Greensboro City Councilmember Robbie Perkins, at a support-building event the city held on Wednesday, Feb. 24, told those present that one company has already proposed a new service: Greensboro Radiology, which is creating a repository of electronically stored medical records that could be easily available to doctors throughout the region – if Greensboro had better broadband. "Because of the file size of these documents, the present technology is frustrated," he said.
Speakers at the event hyped Greensboro as a good fit for the Google trial. Resident Jonathan Davis said Greensboro is close to fiber trunks running to Charlotte and Chapel Hill and would connect easily to the Google data center in Lenoir, North Carolina, and Apple's massive new data center in Maiden, North Carolina. That is probably wishful thinking – another city competing for the Google trial is Palo Alto, California, the heart of Silicon Valley and one of the best-connected cities in the country when it comes to fiber backbones.
Some of the speculation over Greensboro's application for the Google fiber trial has centered on potential city incentives – with the Piedmont Publius blog at the John Locke Foundation fretting that Greensboro will go the way of Wilson, North Carolina, which spent $28 million on a municipal fiber network that it can't pay off with the network's revenues.
This makes no sense in the context of Google, although the reflexive fear is understandable in an area with a less-than-stellar record of getting a bang for its buck when it comes to incentives. Google has a $170 billion market cap and $24 billion in cash on hand, and is looking to spend a large chunk of money on a fiber trial that is equal parts market-creation effort, regulatory lever and public relations showcase. Whatever its criteria for picking a city, it has little incentive to nickel and dime that city for a few million in cash contributions and tax breaks, taking the luster off the PR victory.
Analyst estimates vary on what it will cost Google to build the network, but most seem to fall in the $500 million to $750 million range – far more than it would cost experienced network operators to wire a city using less cutting-edge technology. At that price point, a few million from a city is a paperwork hurdle rather than a help. Google may take incentives, but it's unlikely to base its siting decision on them.
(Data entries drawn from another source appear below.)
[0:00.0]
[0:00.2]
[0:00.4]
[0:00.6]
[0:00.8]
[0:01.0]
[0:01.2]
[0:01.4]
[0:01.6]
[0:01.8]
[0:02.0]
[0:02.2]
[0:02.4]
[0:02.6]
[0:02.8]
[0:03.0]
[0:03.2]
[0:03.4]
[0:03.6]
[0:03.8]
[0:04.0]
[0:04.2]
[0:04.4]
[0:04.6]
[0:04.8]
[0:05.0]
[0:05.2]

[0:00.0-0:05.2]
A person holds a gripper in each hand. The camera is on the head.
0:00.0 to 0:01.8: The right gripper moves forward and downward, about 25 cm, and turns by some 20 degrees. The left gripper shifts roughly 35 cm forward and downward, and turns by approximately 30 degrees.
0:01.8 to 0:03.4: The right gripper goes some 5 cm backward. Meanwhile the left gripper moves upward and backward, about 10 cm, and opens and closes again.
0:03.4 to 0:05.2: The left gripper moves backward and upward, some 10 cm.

One speaker at the meeting, surveying Greensboro's relentless averageness when it comes to businesses, demographics and population density, said that trying to hype the city's supposed advantages wasn't helpful, and that the city should instead come up with novel uses for all that bandwidth the trial would provide – a good point, since the possibility of new, advanced services may be the strongest attraction for Google.
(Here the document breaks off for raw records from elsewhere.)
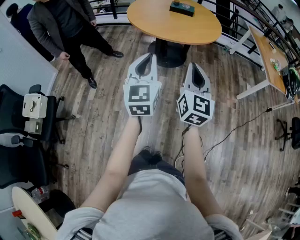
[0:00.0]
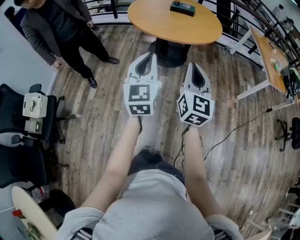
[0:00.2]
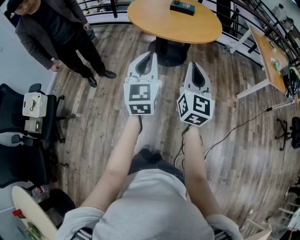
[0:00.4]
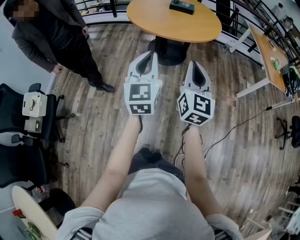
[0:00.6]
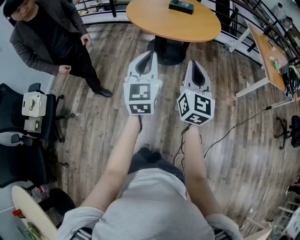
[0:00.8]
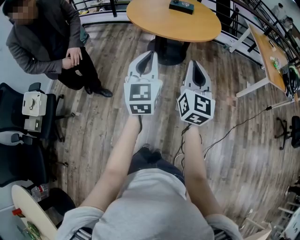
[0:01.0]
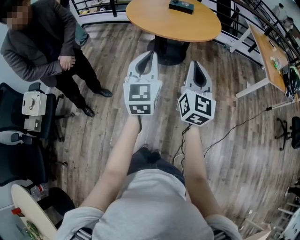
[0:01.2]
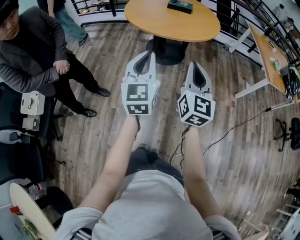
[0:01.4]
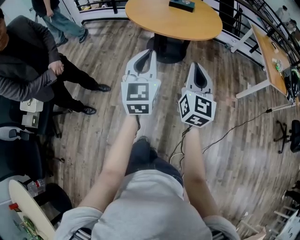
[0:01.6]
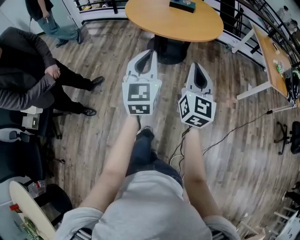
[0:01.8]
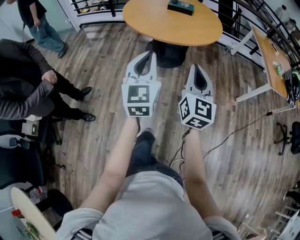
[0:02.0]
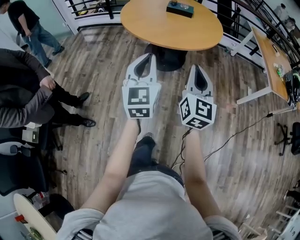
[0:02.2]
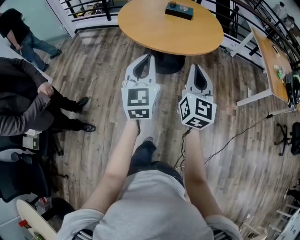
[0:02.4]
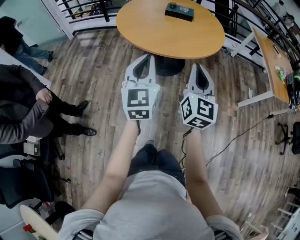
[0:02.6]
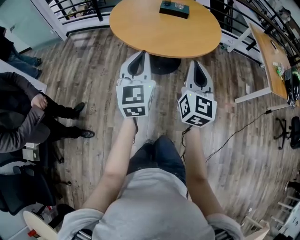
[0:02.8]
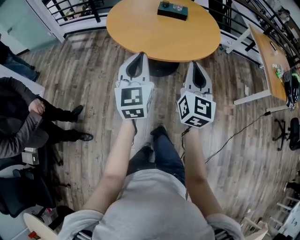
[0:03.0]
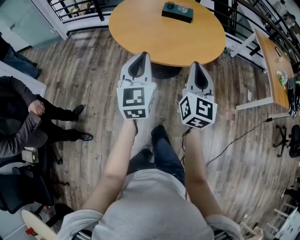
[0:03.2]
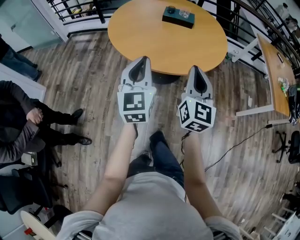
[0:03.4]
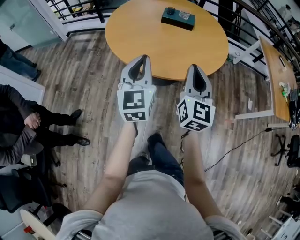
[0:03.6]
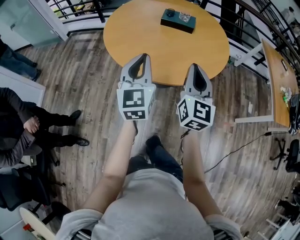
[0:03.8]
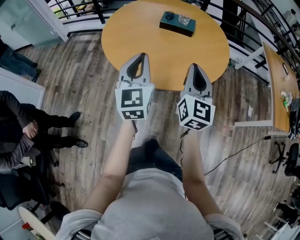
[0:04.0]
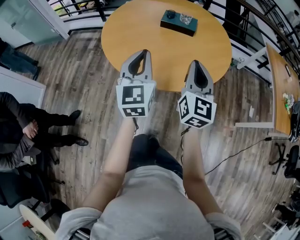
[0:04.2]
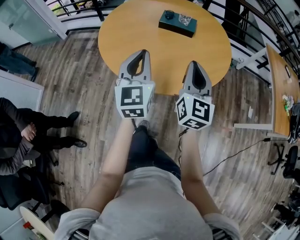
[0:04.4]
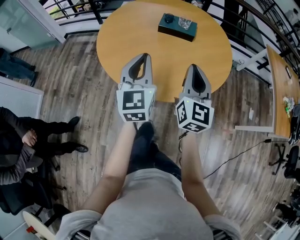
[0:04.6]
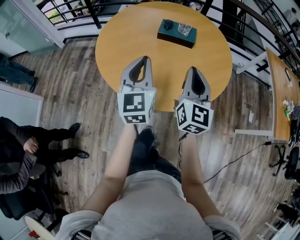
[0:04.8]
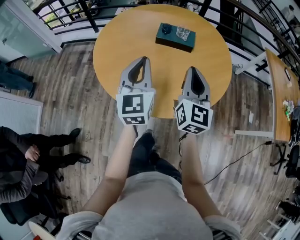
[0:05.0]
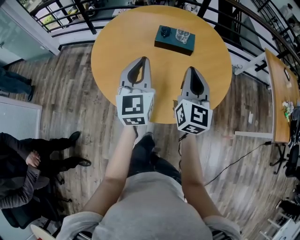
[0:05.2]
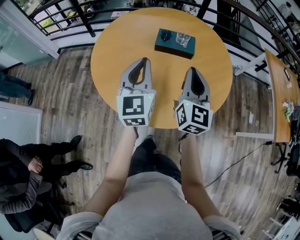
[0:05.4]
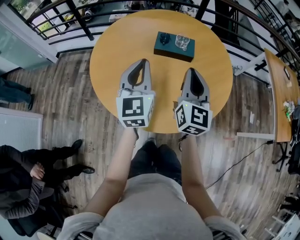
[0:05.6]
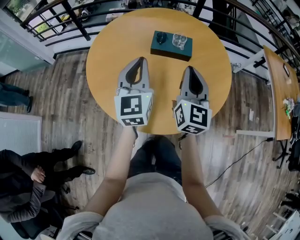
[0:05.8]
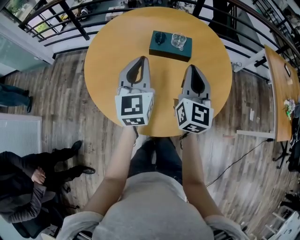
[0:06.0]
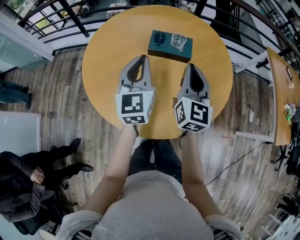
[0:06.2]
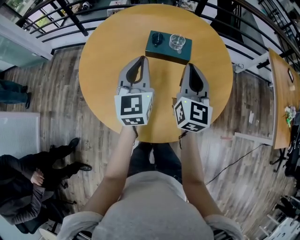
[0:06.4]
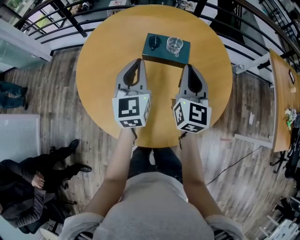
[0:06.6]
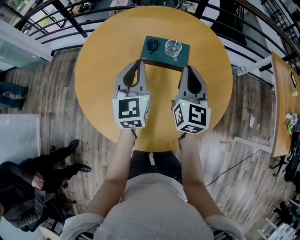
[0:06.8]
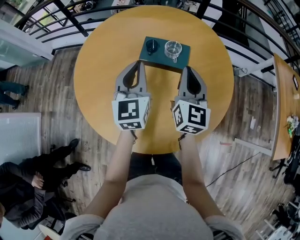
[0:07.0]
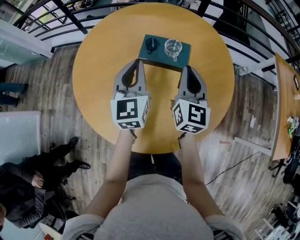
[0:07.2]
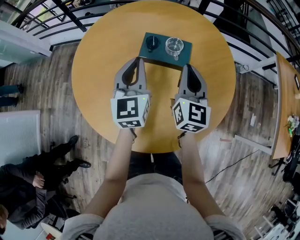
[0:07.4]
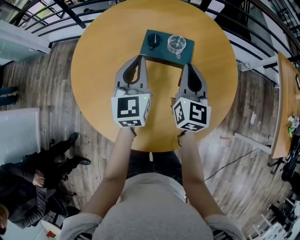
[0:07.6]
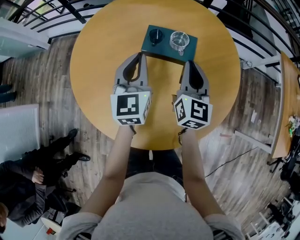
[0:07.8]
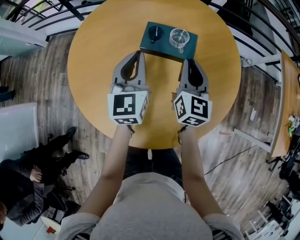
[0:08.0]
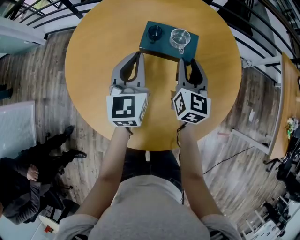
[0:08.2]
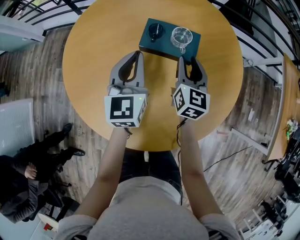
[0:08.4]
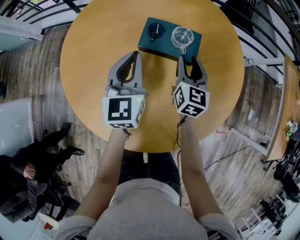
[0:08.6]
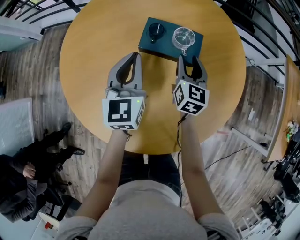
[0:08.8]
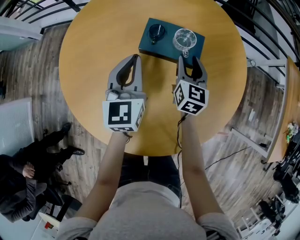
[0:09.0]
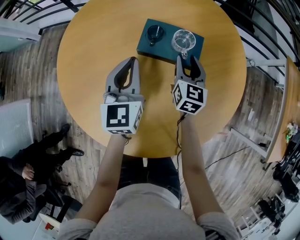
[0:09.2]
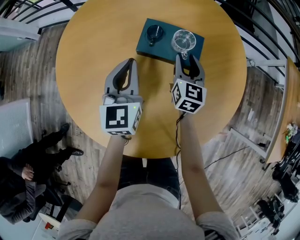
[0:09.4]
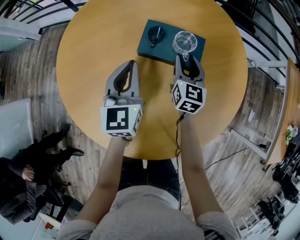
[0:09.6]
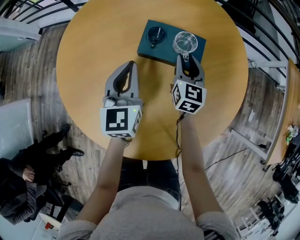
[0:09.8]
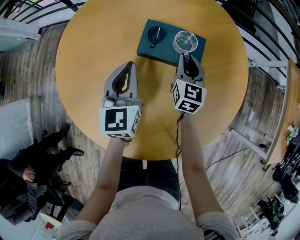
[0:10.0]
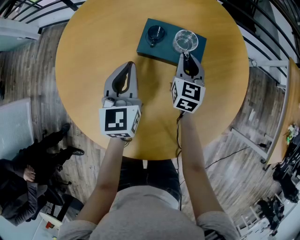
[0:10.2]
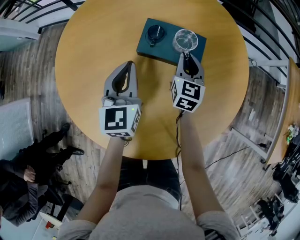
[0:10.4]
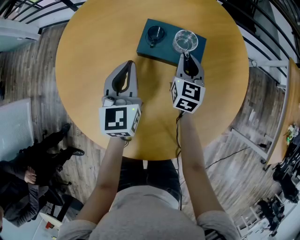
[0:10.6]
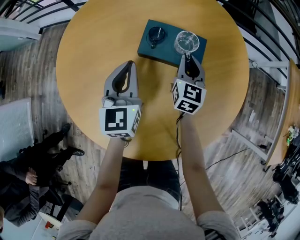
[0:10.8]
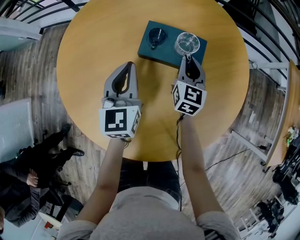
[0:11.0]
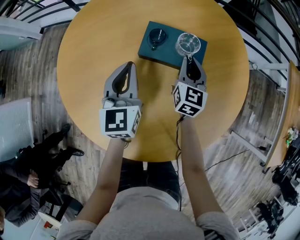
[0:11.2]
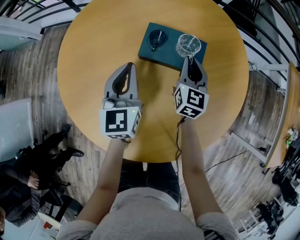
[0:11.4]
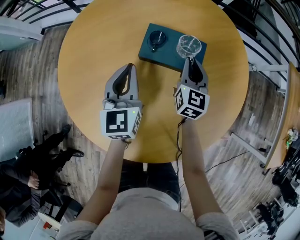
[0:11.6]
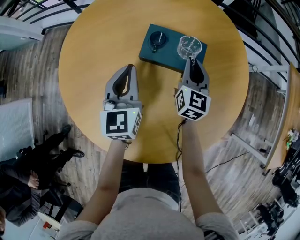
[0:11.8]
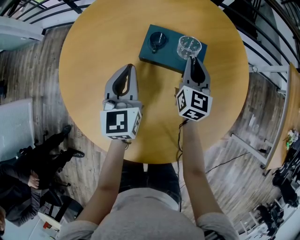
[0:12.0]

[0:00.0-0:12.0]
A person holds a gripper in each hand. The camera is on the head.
0:00.0 to 0:01.6: The grippers stay close to where they were, moving slightly.
0:01.6 to 0:03.0: The grippers both shift forward by about 25 cm.
0:03.0 to 0:04.4: The grippers both shift forward by approximately 25 cm.
0:04.4 to 0:06.0: The grippers both shift forward by roughly 20 cm.
0:06.0 to 0:07.6: Both grippers move forward and downward, approximately 15 cm.
0:07.6 to 0:09.0: The right gripper moves downward and forward, about 15 cm, and opens. The left gripper shifts approximately 5 cm downward.
0:09.0 to 0:10.4: The right gripper closes its fingers.
0:10.4 to 0:12.0: The grippers stay close to where they were, moving slightly.

There are many unanswered questions about the proposed Google trial. Among them are the cost at which it will offer service, the terms on which it will allow other service providers to access its network, and the technology it will use.
Speculation has centered on whether Google has ulterior motives – Piedmont Publius fretted that the company is trying to build out bandwidth to create demand for Google services – and whether Google can make the trial a business success.
The answers to those two questions are, "Yes, obviously" and "Probably not, but who cares?" Of course, Google has its own business and regulatory motives for building a trial network – if it didn't, it wouldn't. Despite its famous motto, "Don't be evil," Google isn't in the business of altruism. And there's no indication that Google will conquer the entrenched network world with its trial – or even make a profit on the venture. It doesn't have to, and there is no market in which a new entrant is more likely to take a bath than in telecom infrastructure.
As others have noted, Google in the 2000s is similar to Microsoft in the 1990s – a company that is hugely successful in its core business but not so successful when it ventures out of it. Both companies had money to burn and could afford to take chances and fail. The Google trial will be a win for whoever gets it, regardless of the depth of the bath the company takes. It's a long shot for Greensboro – but hey, someone has to win.